Some systems using 3D accelerometer data for human activity, handwriting and sign language recognition have been developed [
2,
3,
4,
5,
6,
7,
8]. Online handwriting recognition is still challenging due to the variability of stroke order, shape and style of handwriting [
1]. Some approaches recover the trajectory of the handwritten character to convert it to image. In this case, to cope with variability, robust feature extraction methods can be employed [
9,
10]. Another option is to perform feature extraction directly in the time domain using a Convolutional Neural Network [
11].
This paper proposes a novel deep learning approach to online handwriting character recognition. The method is focused on efficient feature extraction, classification, and evaluation modules using 3D accelerometer data. The recognition system is based on combining the CNN and LSTM architectures. CNN architecture was used for feature extraction, which allows transforming 3D raw accelerometer data into a feature vector sequence. Finally, an LSTM architecture is trained to recognize the patterns delivered by the CNN. In this way, the classical ad hoc techniques in feature extraction and classification are avoided, permitting artificial intelligence (AI) to make these tasks.
The main contributions reported in this paper comprise:
A proprietary dataset of 3D accelerometer data corresponding to multi-stroke freestyle handwritten lowercase letters and digits. Unlike previous approaches, we do not impose restrictions on handwriting style and number and order of the strokes.

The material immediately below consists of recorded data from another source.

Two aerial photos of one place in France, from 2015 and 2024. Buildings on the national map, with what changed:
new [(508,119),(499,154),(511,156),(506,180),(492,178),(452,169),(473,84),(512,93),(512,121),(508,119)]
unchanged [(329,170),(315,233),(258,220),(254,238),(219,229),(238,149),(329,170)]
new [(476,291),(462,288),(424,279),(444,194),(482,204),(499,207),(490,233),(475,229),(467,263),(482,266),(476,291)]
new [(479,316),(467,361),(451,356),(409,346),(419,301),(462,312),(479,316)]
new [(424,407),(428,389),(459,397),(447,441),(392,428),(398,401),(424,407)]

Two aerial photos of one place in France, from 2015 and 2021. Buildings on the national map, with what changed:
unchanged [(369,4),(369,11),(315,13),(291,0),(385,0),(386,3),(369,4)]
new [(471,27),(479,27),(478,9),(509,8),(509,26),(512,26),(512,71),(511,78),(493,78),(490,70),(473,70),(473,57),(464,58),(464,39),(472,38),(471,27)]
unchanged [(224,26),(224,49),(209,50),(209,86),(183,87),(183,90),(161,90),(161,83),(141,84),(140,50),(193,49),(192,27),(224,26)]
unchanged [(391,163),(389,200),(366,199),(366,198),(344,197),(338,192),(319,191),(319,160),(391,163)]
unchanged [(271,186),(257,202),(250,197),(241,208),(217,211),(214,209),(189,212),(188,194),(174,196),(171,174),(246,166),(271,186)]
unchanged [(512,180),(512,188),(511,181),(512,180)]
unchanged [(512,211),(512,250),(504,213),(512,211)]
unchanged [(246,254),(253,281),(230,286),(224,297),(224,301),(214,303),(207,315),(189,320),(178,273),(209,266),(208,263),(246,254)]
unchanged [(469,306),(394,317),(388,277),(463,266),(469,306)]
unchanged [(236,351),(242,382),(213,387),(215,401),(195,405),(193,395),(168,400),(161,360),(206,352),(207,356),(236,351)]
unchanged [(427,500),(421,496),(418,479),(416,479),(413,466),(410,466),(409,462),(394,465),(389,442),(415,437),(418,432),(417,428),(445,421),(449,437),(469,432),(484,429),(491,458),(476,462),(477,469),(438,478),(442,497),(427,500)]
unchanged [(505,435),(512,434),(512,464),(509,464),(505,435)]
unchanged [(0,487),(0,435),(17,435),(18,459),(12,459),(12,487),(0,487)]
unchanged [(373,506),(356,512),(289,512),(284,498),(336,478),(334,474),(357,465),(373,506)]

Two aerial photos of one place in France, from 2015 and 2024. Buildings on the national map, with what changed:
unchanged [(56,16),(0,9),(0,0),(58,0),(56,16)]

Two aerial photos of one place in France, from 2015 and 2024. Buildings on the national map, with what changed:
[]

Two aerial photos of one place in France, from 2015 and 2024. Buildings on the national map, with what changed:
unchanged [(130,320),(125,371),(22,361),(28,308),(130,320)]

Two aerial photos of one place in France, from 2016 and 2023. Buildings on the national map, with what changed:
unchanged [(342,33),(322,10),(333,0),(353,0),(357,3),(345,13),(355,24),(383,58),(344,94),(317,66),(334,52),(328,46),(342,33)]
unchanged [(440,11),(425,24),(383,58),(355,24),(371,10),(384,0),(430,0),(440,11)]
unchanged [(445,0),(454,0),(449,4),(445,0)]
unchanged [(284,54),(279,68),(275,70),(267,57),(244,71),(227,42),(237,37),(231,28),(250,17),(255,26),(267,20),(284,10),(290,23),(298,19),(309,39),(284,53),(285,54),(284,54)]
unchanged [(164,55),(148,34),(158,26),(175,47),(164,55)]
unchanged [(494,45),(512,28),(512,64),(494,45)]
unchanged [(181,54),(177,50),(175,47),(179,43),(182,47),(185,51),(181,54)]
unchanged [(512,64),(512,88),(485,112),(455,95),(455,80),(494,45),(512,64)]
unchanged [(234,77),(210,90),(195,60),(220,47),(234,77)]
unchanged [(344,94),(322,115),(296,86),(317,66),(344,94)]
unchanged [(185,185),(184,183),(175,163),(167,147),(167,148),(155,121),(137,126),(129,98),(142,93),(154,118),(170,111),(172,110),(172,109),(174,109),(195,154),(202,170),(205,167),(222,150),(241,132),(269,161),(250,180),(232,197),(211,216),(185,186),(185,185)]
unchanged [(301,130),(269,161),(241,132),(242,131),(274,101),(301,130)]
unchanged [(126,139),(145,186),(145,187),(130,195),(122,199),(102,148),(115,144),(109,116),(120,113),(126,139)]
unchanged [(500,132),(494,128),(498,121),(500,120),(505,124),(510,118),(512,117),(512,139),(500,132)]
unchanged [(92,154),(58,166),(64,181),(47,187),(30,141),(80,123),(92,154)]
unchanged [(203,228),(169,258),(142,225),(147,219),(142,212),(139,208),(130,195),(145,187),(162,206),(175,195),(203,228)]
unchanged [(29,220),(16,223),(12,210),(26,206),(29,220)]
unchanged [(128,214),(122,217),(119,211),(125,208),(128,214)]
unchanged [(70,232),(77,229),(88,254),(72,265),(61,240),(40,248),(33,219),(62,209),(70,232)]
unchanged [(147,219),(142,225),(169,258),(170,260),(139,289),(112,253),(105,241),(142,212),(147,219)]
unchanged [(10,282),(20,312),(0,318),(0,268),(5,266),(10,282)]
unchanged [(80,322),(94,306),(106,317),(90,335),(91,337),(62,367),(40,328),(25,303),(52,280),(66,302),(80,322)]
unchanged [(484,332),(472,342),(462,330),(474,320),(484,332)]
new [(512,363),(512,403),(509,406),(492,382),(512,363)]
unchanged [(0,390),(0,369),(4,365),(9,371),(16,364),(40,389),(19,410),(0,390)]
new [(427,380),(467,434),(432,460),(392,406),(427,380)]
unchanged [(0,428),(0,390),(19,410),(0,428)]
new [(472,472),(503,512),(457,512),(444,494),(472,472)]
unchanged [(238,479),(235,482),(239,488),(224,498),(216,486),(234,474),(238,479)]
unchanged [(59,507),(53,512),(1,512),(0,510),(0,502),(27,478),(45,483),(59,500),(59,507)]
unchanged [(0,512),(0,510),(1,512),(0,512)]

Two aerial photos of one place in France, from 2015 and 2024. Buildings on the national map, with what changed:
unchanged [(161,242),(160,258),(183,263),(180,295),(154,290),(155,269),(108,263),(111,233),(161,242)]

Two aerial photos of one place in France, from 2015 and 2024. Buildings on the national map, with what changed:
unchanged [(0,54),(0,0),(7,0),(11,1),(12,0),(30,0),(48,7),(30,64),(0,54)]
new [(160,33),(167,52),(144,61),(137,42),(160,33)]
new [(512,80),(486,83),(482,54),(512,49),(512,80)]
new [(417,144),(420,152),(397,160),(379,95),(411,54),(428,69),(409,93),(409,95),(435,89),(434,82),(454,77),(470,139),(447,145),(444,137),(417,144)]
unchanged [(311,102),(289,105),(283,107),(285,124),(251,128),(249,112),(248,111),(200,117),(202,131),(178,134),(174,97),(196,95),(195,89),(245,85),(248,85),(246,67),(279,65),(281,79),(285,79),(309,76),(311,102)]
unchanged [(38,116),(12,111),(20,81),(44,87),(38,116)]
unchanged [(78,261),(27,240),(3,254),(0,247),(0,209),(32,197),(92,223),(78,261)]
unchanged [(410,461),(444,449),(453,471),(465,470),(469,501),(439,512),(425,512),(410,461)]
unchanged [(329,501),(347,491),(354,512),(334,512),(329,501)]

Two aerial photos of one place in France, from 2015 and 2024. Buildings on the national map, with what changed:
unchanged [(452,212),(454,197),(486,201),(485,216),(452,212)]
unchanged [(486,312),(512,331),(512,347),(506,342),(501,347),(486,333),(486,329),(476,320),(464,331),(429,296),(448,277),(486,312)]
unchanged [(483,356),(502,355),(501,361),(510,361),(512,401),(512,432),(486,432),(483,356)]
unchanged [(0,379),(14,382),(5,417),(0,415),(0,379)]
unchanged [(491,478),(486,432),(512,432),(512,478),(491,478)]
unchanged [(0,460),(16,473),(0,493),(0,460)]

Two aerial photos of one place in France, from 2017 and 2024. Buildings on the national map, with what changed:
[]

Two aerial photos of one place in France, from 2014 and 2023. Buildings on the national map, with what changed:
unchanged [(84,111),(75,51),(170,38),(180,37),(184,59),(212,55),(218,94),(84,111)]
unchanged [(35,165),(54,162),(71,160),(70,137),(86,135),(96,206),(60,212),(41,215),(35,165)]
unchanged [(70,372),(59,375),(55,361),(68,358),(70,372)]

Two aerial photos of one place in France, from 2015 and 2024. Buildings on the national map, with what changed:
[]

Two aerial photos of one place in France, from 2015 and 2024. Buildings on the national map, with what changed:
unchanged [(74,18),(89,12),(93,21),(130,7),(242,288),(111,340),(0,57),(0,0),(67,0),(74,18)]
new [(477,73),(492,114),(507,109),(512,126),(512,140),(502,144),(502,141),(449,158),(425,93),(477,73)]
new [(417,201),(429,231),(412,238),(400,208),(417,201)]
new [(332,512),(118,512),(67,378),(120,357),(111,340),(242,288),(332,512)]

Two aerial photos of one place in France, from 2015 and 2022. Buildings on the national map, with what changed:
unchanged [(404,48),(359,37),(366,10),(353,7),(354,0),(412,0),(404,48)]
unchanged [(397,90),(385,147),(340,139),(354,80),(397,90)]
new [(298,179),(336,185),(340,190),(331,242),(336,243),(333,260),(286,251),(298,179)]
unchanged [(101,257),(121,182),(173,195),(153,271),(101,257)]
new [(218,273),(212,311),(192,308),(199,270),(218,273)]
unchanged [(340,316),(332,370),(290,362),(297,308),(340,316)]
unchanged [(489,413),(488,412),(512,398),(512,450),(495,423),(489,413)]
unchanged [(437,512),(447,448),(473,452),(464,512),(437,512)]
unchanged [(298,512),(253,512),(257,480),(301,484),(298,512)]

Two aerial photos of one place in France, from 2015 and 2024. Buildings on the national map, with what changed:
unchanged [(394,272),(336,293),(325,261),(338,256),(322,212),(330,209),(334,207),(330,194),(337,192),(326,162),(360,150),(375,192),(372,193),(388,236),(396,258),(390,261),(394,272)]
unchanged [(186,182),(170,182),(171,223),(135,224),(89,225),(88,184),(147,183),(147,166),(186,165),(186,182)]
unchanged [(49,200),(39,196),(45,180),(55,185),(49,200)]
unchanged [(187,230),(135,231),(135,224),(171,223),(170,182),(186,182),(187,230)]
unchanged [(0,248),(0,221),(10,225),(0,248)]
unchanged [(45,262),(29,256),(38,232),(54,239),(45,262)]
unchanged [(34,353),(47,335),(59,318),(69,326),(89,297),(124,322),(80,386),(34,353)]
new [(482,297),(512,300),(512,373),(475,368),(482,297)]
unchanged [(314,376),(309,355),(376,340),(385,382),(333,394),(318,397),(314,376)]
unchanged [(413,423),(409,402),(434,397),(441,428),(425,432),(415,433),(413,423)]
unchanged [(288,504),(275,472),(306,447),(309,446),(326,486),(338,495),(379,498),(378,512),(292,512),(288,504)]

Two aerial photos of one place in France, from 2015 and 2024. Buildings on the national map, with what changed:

Three neural network architectures (CNN, LSTM, and CNN-LSTM) were proposed. In the last architecture, a CNN was used for feature extraction to encode the global characteristics of raw 3D accelerometer data together with an LSTM for sequence processing and classification.
The remainder of this paper is organized as follows.
Section 2 provides a summary of representative works on online handwritten character recognition.
Section 3 includes a detailed description of the proposed method.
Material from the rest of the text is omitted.